Specific Admission Requirements: For admissions to the graduate study at AMS, the student must have a bachelor’s degree in mathematics, statistics, engineering, the physical sciences, or in the life or social sciences with a strong mathematics background. Additionally, foreign students must take the TOEFL exam (score ≥ 80 for MS and ≥ 90 for PhD), GRE exam is NOT required for Fall 2024 applications. 

Link to the AMS admission requirements:

https://www.stonybrook.edu/commcms/ams/graduate/resources/applying-to-the-AMS-grad-program.php

A foreign student should apply for an F-1 visa in order to study in the USA. Having an admission letter from the University, the application for F-1 visa is usually straightforward.

For Spring admission, international students may apply up to October 15.  For Fall admission, all students applying for PhD with support must submit their application by December 15; international students that are not applying for support may apply up to April 1. 

Courses Offered in QF Program: The courses offered by the QF program covers broad range of topics on both theoretical and practical features of quantitative finance. The following is a list of required courses for the MS degree in the QF program.  

  • AMS 507 Introduction to Probability
  • AMS 510 Analytical Methods for Applied Mathematics and Statistics
  • AMS 511 Foundations of Quantitative Finance
  • AMS 512 Portfolio Theory
  • AMS 513 Financial Derivatives and Stochastic Calculus
  • AMS 514 Computational Finance
  • AMS 516 Statistical Methods in Finance
  • AMS 517 Quantitative Risk Management
  • AMS 518 Advanced Stochastic Models, Risk Assessment, and Portfolio Optimization   
  • AMS 572 Data Analysis (can be replaced by AMS 520 Machine Learning in Quantitative Finance, for those who have already taken an equivalent data analysis course before)

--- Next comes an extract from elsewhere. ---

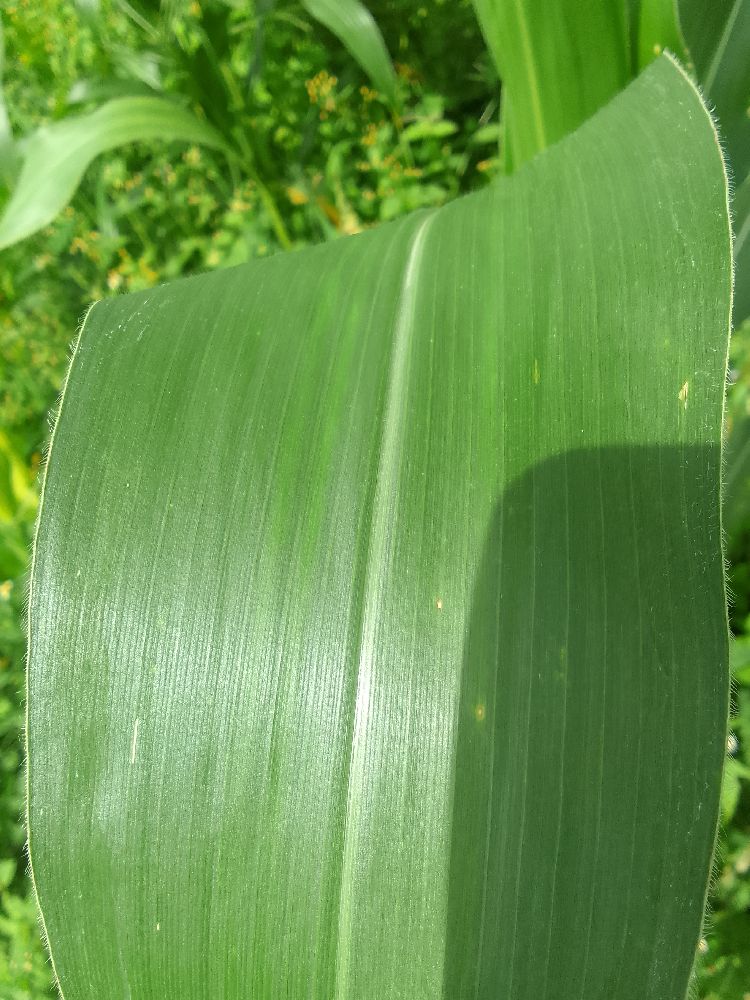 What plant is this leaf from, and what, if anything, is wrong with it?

maize, healthy

Besides required courses, M.S. students in the QF program also need to take at least two elective courses from the following list.

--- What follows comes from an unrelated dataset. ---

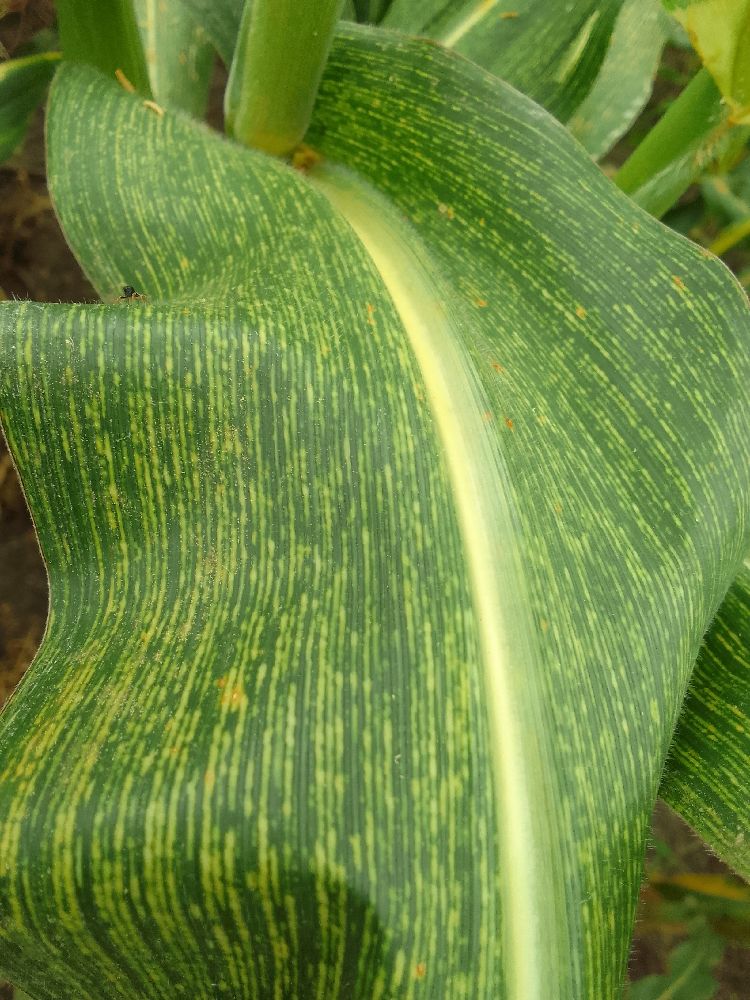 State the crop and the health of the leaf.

maize, maize streak virus

  • AMS 515 Case Studies in Computational Finance 
  • AMS 520 Machine Learning in Quantitative Finance
  • AMS 522 Bayesian Methods in Finance
  • AMS 523 Mathematics of High Frequency Finance
  • AMS 526 Numerical Analysis I 
  • AMS 527 Numerical Analysis II 
  • AMS 528 Numerical Analysis III 
  • AMS 530 Principles of Parallel Computing 
  • AMS 540 Linear Programming
  • AMS 542 Analysis of Algorithms
  • AMS 550 Stochastic Models
  • AMS 553 Simulation and Modeling
  • AMS 560 Big Data Systems, Algorithms and Networks
  • AMS 561 Introduction to Computational and Data Science
  • AMS 562 Introduction to Scientific Programming in C++
  • AMS 569 Probability Theory I
  • AMS 570 Introduction to Mathematical Statistics
  • AMS 578 Regression Theory
  • AMS 580 Statistical Learning
  • AMS 588 Failure and Survival Data Analysis
  • AMS 595 Fundamentals of Computing
  • AMS 603 Risk Measures for Finance and Data Analysis

The following is an example of quantitative finance course offered by the QF program.

AMS 517 Quantitative risk management. The course will present various techniques and methods for the analysis of market risk, credit risk, and operational risk in the financial market. In particular, methods for market risk covered in the course include value at risk, coherent risk measures, time series models, dimension reduction techniques, extreme value theory, and Monte Carlo methods; methods for credit risk and operational risk include survival analysis, generalized linear models, structural and reduced form models, and Poisson process models.